According to the New York World-Telegram, Mrs. Wanamaker, who was cooking dinner, replied, "That's nice, dear."
Now there really was a bear in the backyard of the Wanamakers' suburban home—a 300-pound black bear, Euarctos americanus, a very wily and sagacious creature, and about as wild a beast as it is possible to find in the eastern woods. After vainly trying to interest her father in the bear, Diane became annoyed at being regarded indulgently as an imaginative child, and dropped the subject.
But the next morning Mr. Eugene La Voie, aged 61, who lives in the nearby town of Spring Valley, left his house to go to work and found the bear sitting on his lawn, staring at him. Mr. La Voie did not waste time discussing it with members of his household. He rushed back inside and called the police. The police, apparently, gave the call little more attention than Mrs. Wanamaker had given to Diane. By the time they arrived the bear had wandered away across the New York State Thruway and was last seen heading for Albany. However, there were bear tracks, 8½ inches by 5 inches, all over the terrain.
Imaginative children have been known to delight in scaring other imaginative children by saying, "Maybe it's a bear!" at any strange sound, particularly if the children are alone in the house and hear a scratching noise or a thumping on the porch outside. We should hesitate to dismiss such remarks as childish fantasy. There may be a bear on the porch.

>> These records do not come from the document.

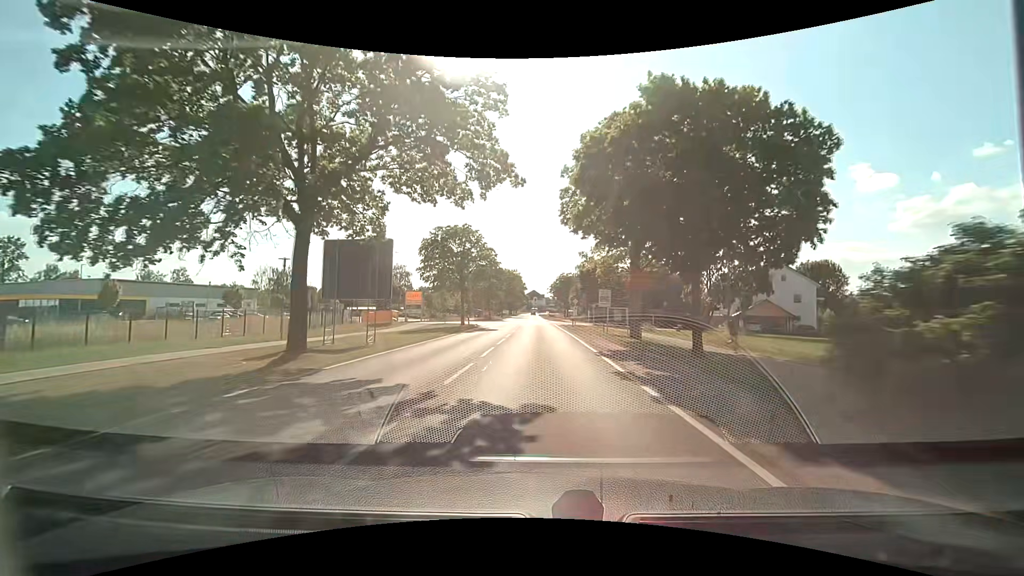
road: tertiary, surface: asphalt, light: Day
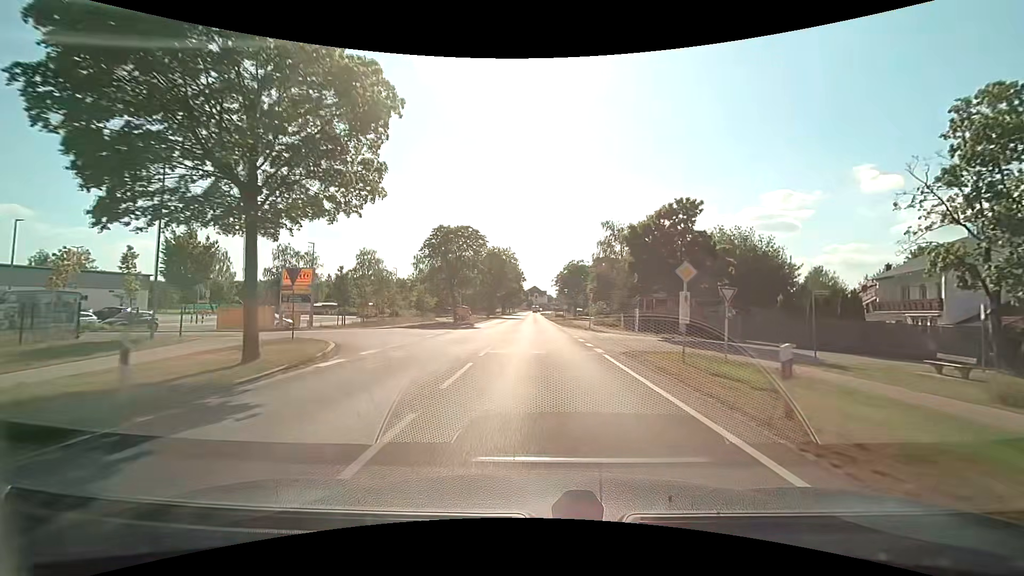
(+0.1, +36.6) m; 0°
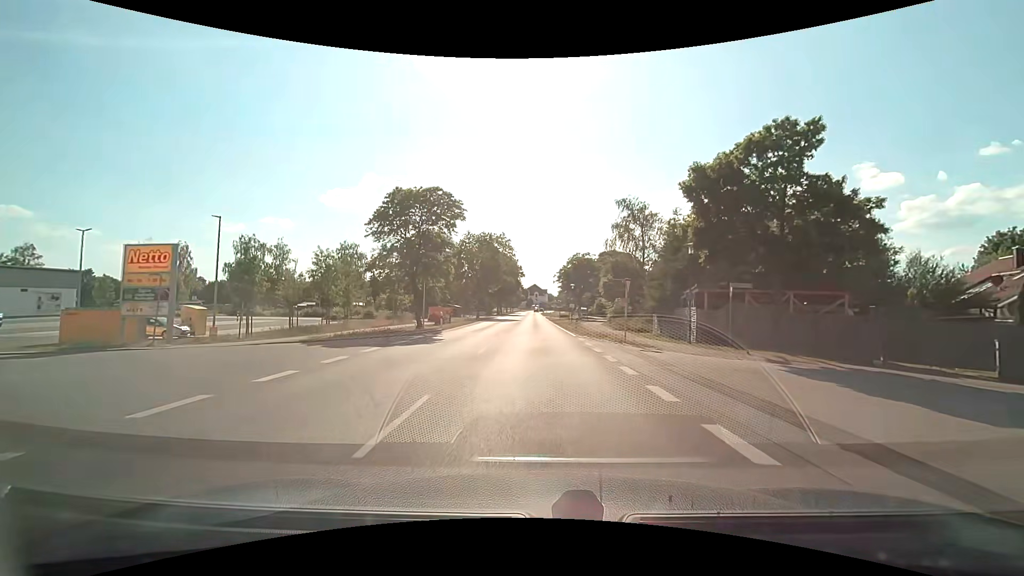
(+0.1, +14.5) m; 0°
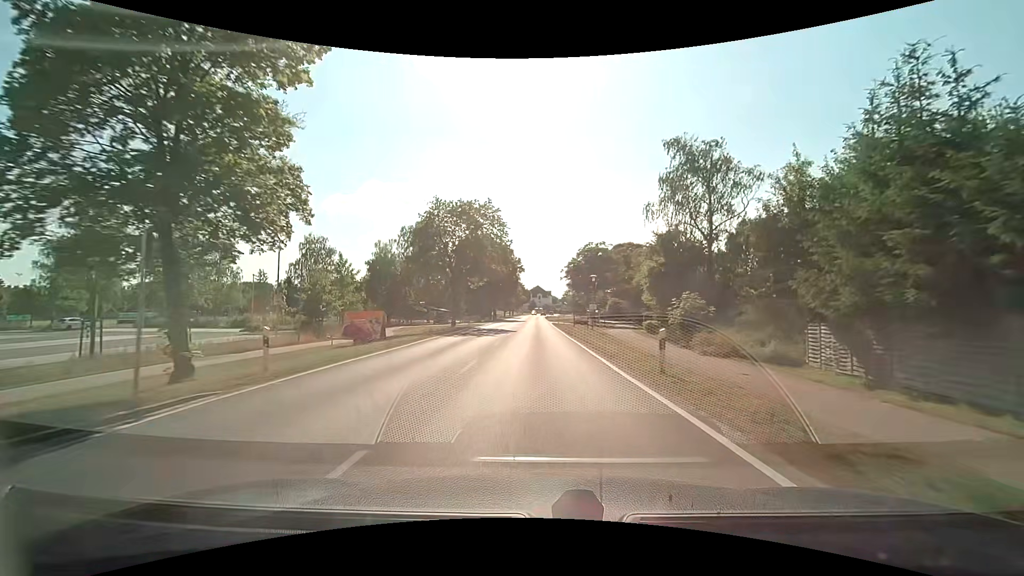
(0.0, +22.0) m; 0°
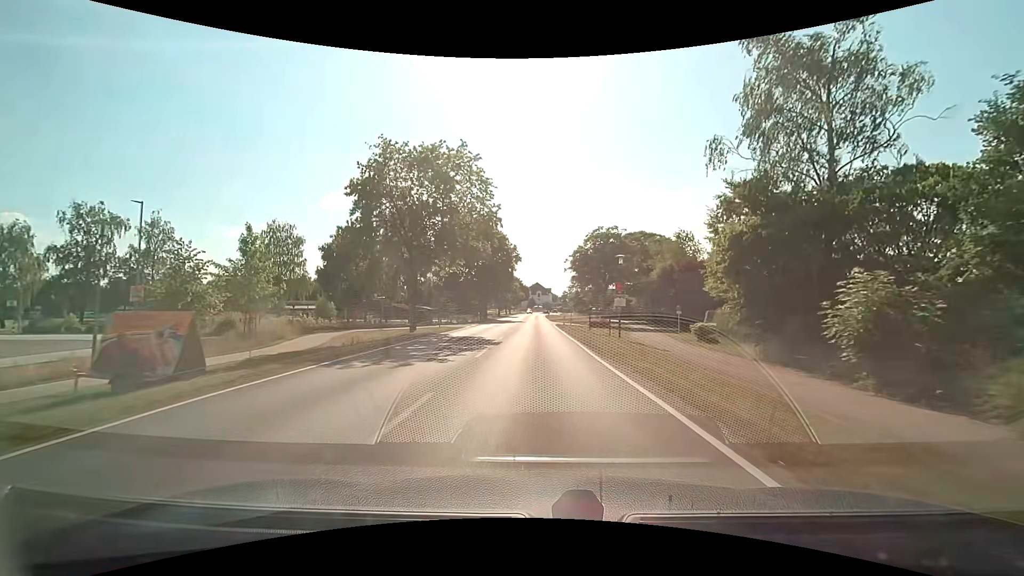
(0.0, +14.9) m; 0°
(0, +10) (0, +20) (0, +30) (0, +40) (0, +50) (0, +60) (0, +70) (0, +80) (0, +90) (0, +100) m

If it is a bear, one need not follow in the fast footsteps of a miner in Burke, Idaho named Dan Stoker. He had long been annoyed by dogs that raided his garbage can at night, tipping it over, making a lot of noise and scattering the refuse. Hearing sounds in his backyard one recent evening, he crept out the back door and saw an animal with its head buried in the can. Mr. Stoker approached stealthily and delivered a resounding kick to its hindquarters with his size 11 D miner's boot. The animal turned out to be a large bear. Mr. Stoker, a man in his 50s, went into barefaced retreat and ran for his house. Since the back door had locked behind him, he decided to waste no time unlocking it, and ran around to the front. The bear, however, had by this time gotten its head out of the garbage can and raced around the house in the opposite direction. Mr. Stoker meanwhile had reached the front door and, a moment later, was annoyed when the bear also appeared. Both were disgusted at the Mack Sennett comedy sequence that had interrupted the great drama of nature. They wheeled and headed in opposite directions, the bear toward the Coeur d'Alene Mountains that loomed in majesty in the east.
Then consider a 67-year-old woman named Mrs. Bella Twin who was walking near her home in the Swan Hills of Alberta, Canada a while back, when the largest grizzly bear known to man suddenly reared up on the trail before her.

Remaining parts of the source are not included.